Introducing SWE-Bench Verified on the Codeset Platform
We're excited to announce that SWE-Bench Verified is now available on the Codeset platform!
SWE-Bench Verified is the most widely adopted benchmark for evaluating code agents on real-world software engineering tasks and it is now easier than ever to run it. With just a few lines of code, you can programatically setup a session with one of the 500 samples in SWE-Bench Verified, interact with it, and verify if the instance has been solved.
import os
from codeset import Codeset
# Initialize client with your API key
client = Codeset(api_key=os.getenv("CODESET_API_KEY"))
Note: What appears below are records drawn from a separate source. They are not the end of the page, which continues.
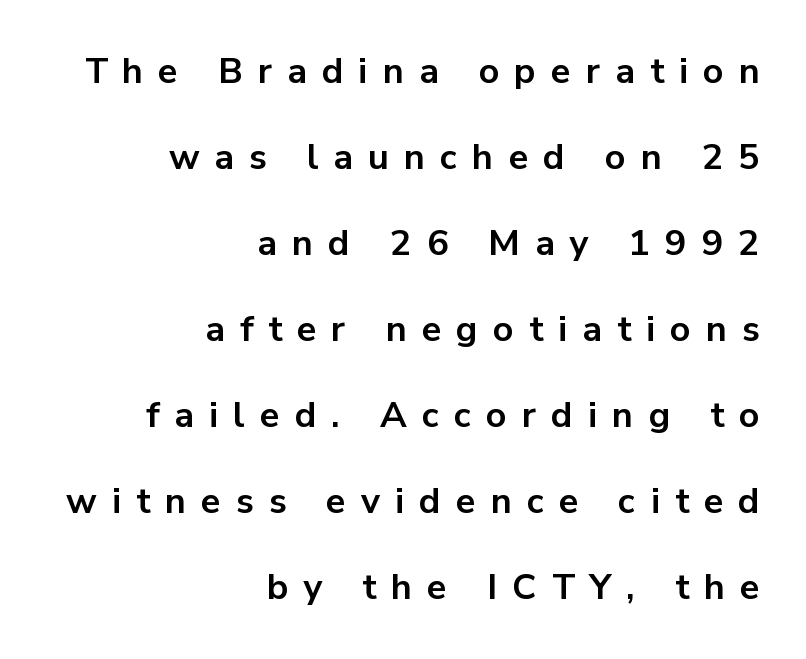
Q: Is the text bold? A: Yes.
Q: Is the text italic (slanted)? A: No, it is upright.
Q: Is the typeface a serif or a sans-serif typeface? A: Sans-serif.
Q: Is the text underlined? A: No.
Q: How is the paragraph aligned? A: Right-aligned.
Q: Is the spacing between letters normal or unusually wide? A: Unusually wide.
Q: Is the spacing between lines tight, normal or loose? A: Loose.
Q: Width (condensed, normal, or wide)? A: Normal.
Q: Stroke contrast? A: Low.
Q: x-height? A: Medium.
Q: Monospaced? A: No.

# Create a session for a task
session = client.sessions.create(
dataset="swe-bench-verified",
sample_id="astropy__astropy-12907",
)
# Interact with the environment
response = client.sessions.execute_command(
session_id=session.session_id,
command="ls -lah"
)
print(response.stdout)
result = client.sessions.str_replace(
session_id=session.session_id,
file_path="astropy/modeling/separable.py",
str_to_replace="cright[-right.shape[0]:, -right.shape[1]:] = 1",
str_to_insert="cright[-right.shape[0]:, -right.shape[1]:] = right"
)
print(result)
# Run the tests and verify the solution
verify = client.sessions.verify.start(session_id=session.session_id)
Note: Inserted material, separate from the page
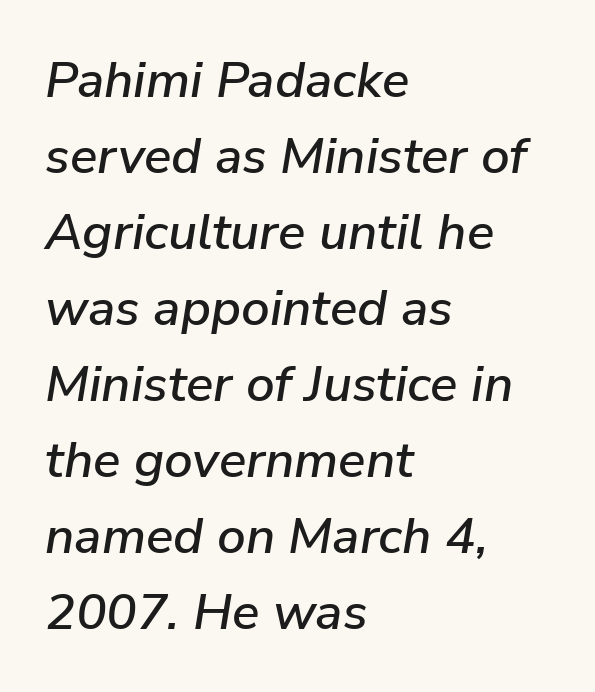
The image shows 51 px text type, italic (leaning right); set left-aligned, normal line spacing (1.49x), normal letter spacing, not underlined; low stroke contrast and a medium x-height.

assert verify.result.is_success
print("Verification successful!")
client.sessions.close(session_id=session.session_id)You can start running evaluations immediately and integrate them directly into your benchmarking pipeline. Whether you are already using SWE-Bench Verified or just getting started, Codeset provides the easiest way to run and scale your evaluations.
Sign up today and get $5 free credits to try out running your evaluations on the Codeset platform!
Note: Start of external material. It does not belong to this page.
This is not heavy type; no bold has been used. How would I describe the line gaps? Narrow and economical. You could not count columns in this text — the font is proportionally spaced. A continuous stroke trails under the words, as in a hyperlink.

Fixing issues with the SWE-Bench Dataset
While integrating SWE-Bench Verified into our platform, we encountered several problematic instances that have also been identified by the community:
- psf__requests-1724: #324, #484
- django__django-10097: #487
- astropy__astropy-8707: #484
- astropy__astropy-8872: #484
Additionally, we have fixed issues related to the PASS_TO_PASS and FAIL_TO_PASS test lists in our own version of the SWE-bench Verified dataset on HuggingFace for the following instances:
- astropy__astropy-7606
- matplotlib__matplotlib-22719
- django__django-7530: #502
We believe maintaining a high-quality benchmark is essential for meaningful evaluations, and we're committed to helping improve SWE-Bench for the entire community.